Were such data laid bare, the possibility is indeed high of coming across some extraordinary anomalies. The IPL is, to all intents and purposes, an out-and-out business enterprise, in effect a transnational set-up. It nonetheless keeps flaunting itself as a sports body. Since it is not registered as a corporate outfit, the corporate laws are apparently not applicable to it, and this in spite of its making mountains of money that is the envy of many business houses. Yet, other puzzles abound. Since a large proportion of the IPL’s spending goes in payments to coaches, trainers and players who are foreign citizens, in leasing hotels and stadia in a foreign country as well as in foreign travel expenses, a considerable amount of foreign exchange outlay is involved. Whether such spending in foreign exchange requires the nod of the Reserve Bank of India is not altogether clear. In the past, the tax authorities used to decide on the foreign exchange outlay needed by a corporate entity to carry out its normal activities over a given period. Such norms have been relaxed in the liberalized milieu, and in any case the IPL will perhaps persist in claiming the privilege of a non-profit making agency.

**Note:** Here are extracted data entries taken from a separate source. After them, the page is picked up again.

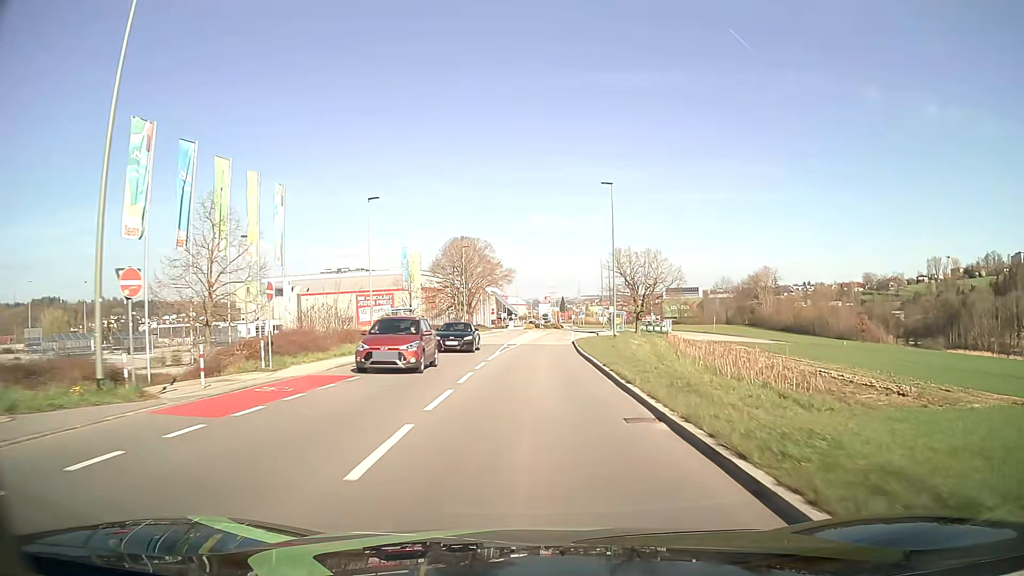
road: tertiary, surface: asphalt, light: Day
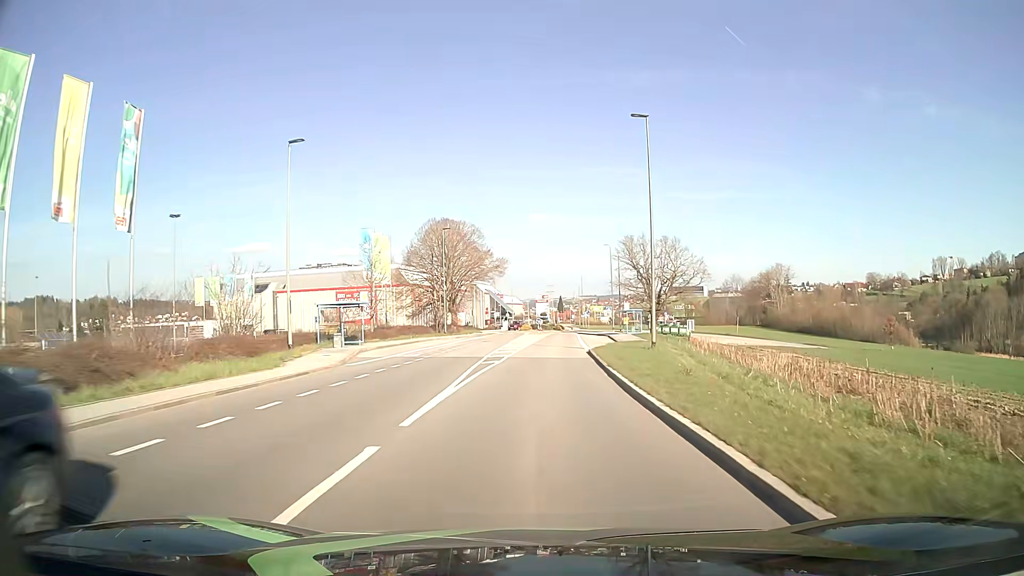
(0.0, +15.2) m; 0°
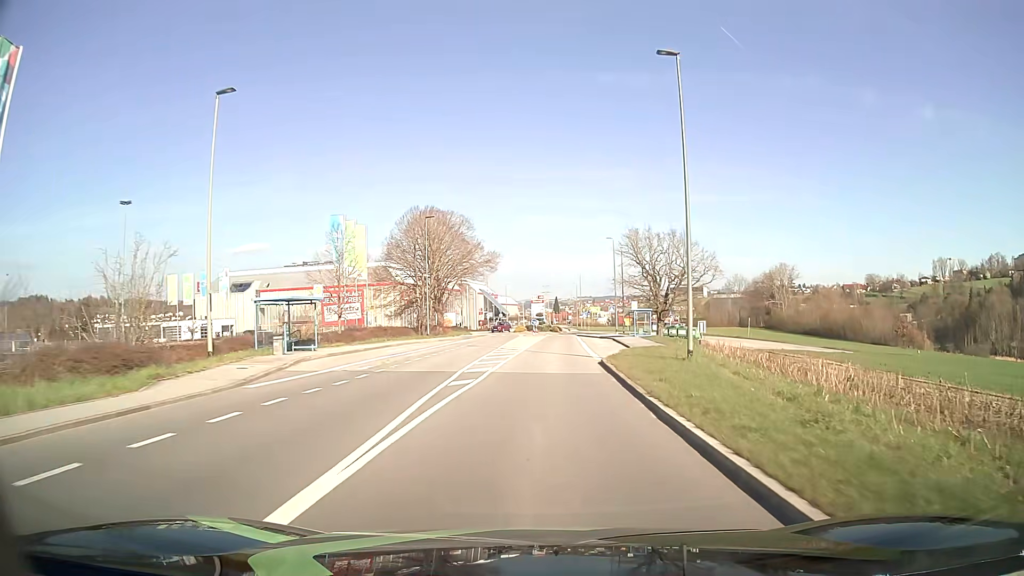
(0.0, +7.6) m; 0°
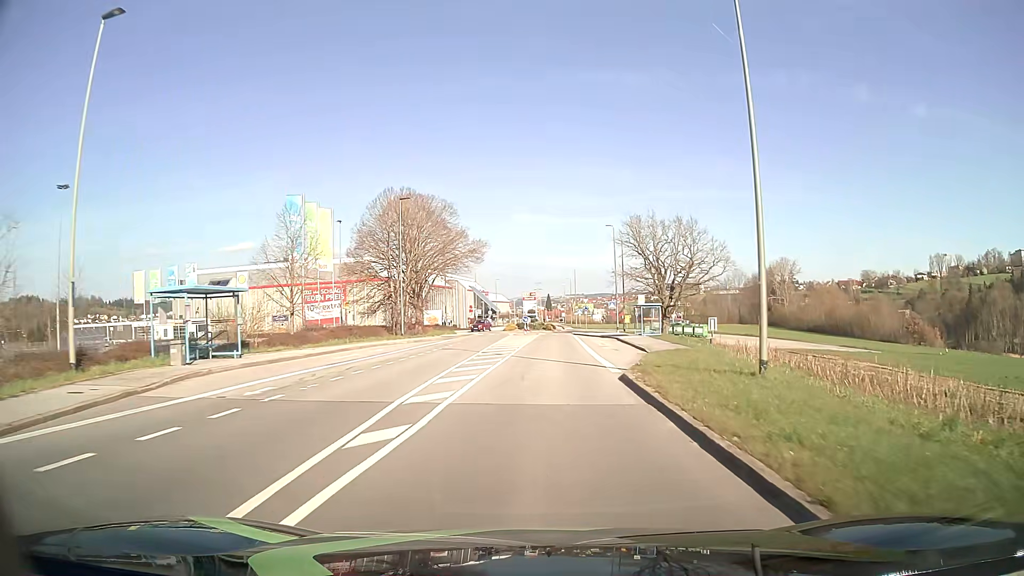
(+0.1, +7.6) m; +1°

Even so, it will be interesting to know the criterion applied to judge the worthwhileness of the lavish expenditure in foreign currency it is indulging in. After all, the bulk of the income from out of which such spending is taking place is sourced within the country. Even if the IPL drags its feet to register itself as a corporate body, is there not some way to make it pay the due taxes on its huge profits? And notwithstanding the double taxation agreement with South Africa, cannot the foreigners who make a beeline for the IPL be persuaded to pay taxes in India on their mind-boggling earnings?
Those who love to delve into the mystique of national income estimation will have plenty of fodder to chew on from the affairs of the IPL. For example, will the income accruing to it from the league fixtures held in South Africa be reckoned as accretion to India’s national income, but not to its domestic product? Will the various payments made by the IPL on the soil of South Africa add to the gross domestic product of that country?

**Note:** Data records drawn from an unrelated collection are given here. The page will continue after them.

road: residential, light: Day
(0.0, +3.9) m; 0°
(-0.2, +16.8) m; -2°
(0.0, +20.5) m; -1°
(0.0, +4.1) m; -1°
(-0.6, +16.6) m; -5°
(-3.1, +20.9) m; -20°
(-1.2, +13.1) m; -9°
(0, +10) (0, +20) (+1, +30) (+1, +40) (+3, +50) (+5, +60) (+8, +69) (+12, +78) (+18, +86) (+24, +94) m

The primary task, it would still seem, is to slap an order on the BCCI — or at least on the IPL — asking it to register itself as a corporate entity, thereby rendering it amenable to the discipline of the Company Law Board. It is by no stretch a not-for-profit organization, it is not a private charitable trust either. Cricket has anyway ceased to be a sport; at least its T20 version is more like gambling. Gambling, even where allowed, is heavily taxed. No reason exists why the Twenty20 entertainment should be permitted to opt out of that obligation. But, who knows, a part of the profits the IPL is piling up is possibly being set aside to please the deities who decide on such matters as tax liability.
Besides, why forget that the tax haven, Mauritius, is just one hop from South Africa?